## Exercise goal
Reproduce the entries below exactly, but leave the pictures out.

## Data entries
┌──
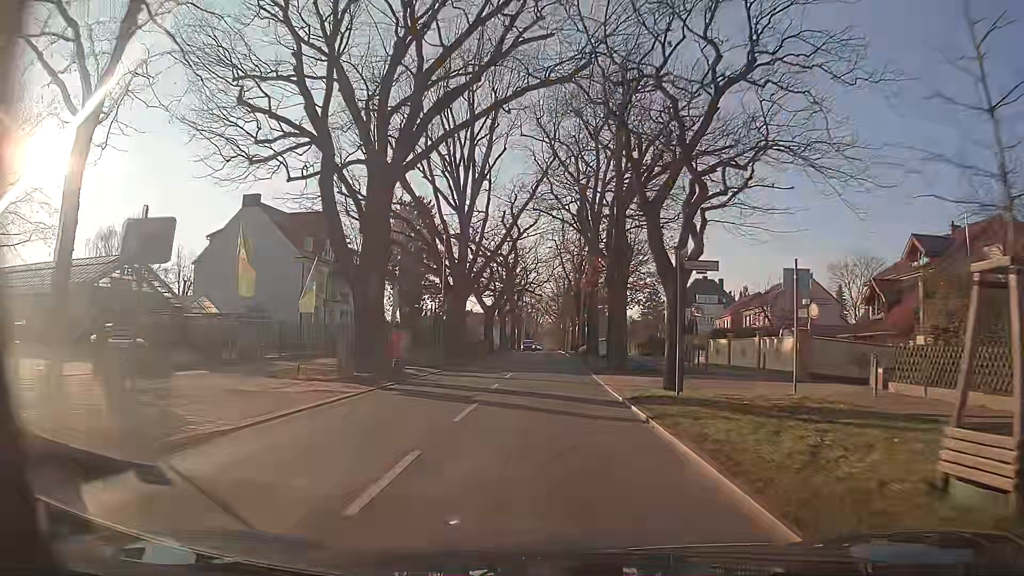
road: secondary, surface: asphalt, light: Day
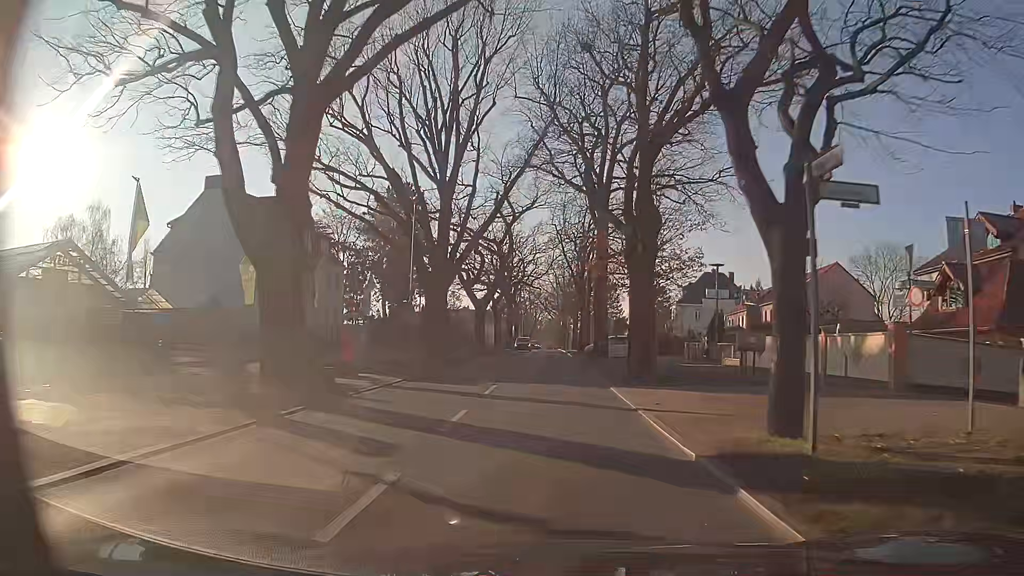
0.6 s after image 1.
(0.0, +7.6) m; 0°
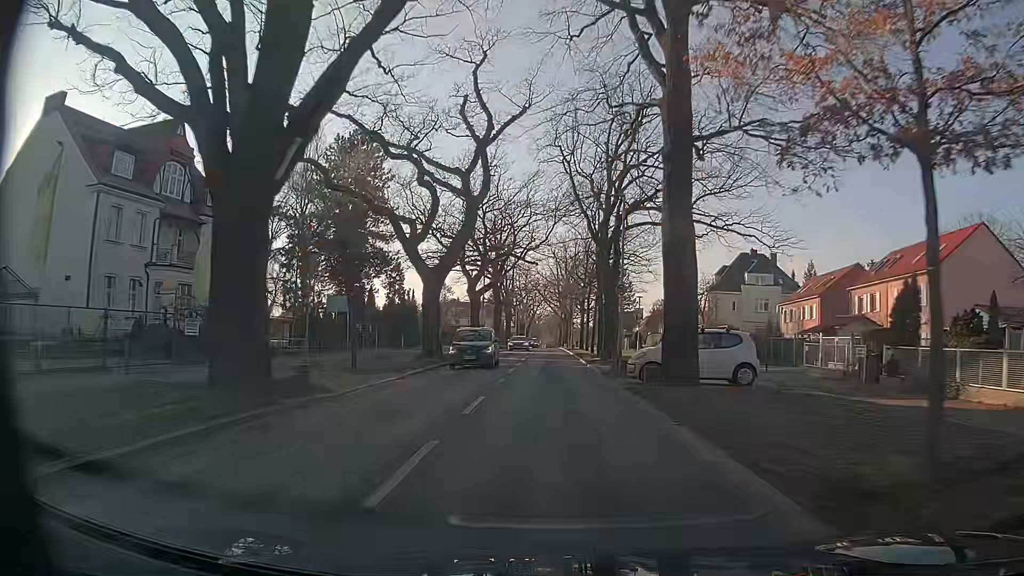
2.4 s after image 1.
(-0.2, +22.5) m; 0°
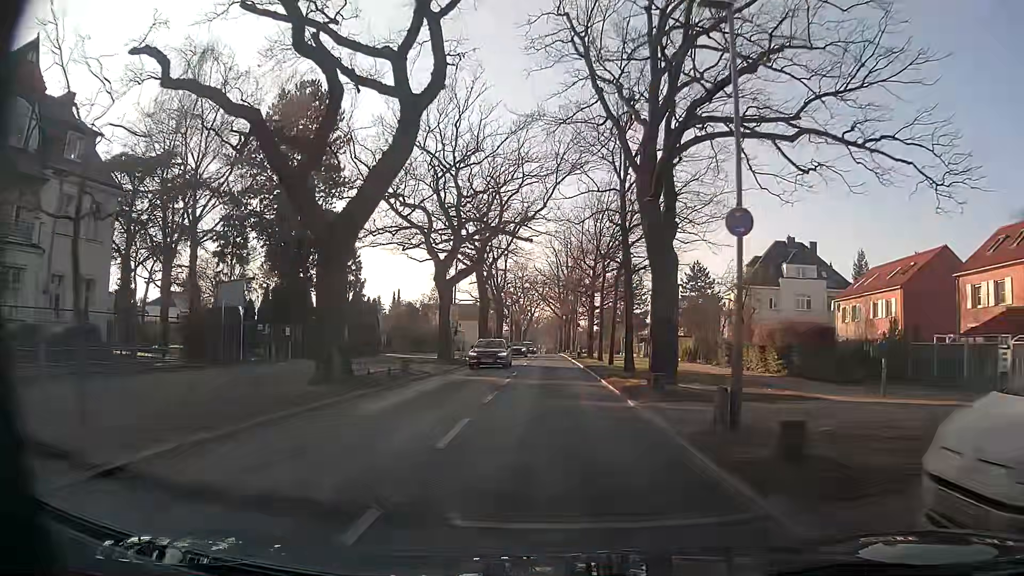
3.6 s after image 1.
(-0.1, +15.1) m; -1°
(0, +10) (0, +20) (+1, +30) (+1, +40) (+1, +50) (+1, +60) (+1, +70) (+1, +80) (+2, +90) (+2, +100) m
└──
## Task response
road: secondary, surface: asphalt, light: Day
0.6 s after image 1.
(0.0, +7.6) m; 0°
2.4 s after image 1.
(-0.2, +22.5) m; 0°
3.6 s after image 1.
(-0.1, +15.1) m; -1°
(0, +10) (0, +20) (+1, +30) (+1, +40) (+1, +50) (+1, +60) (+1, +70) (+1, +80) (+2, +90) (+2, +100) m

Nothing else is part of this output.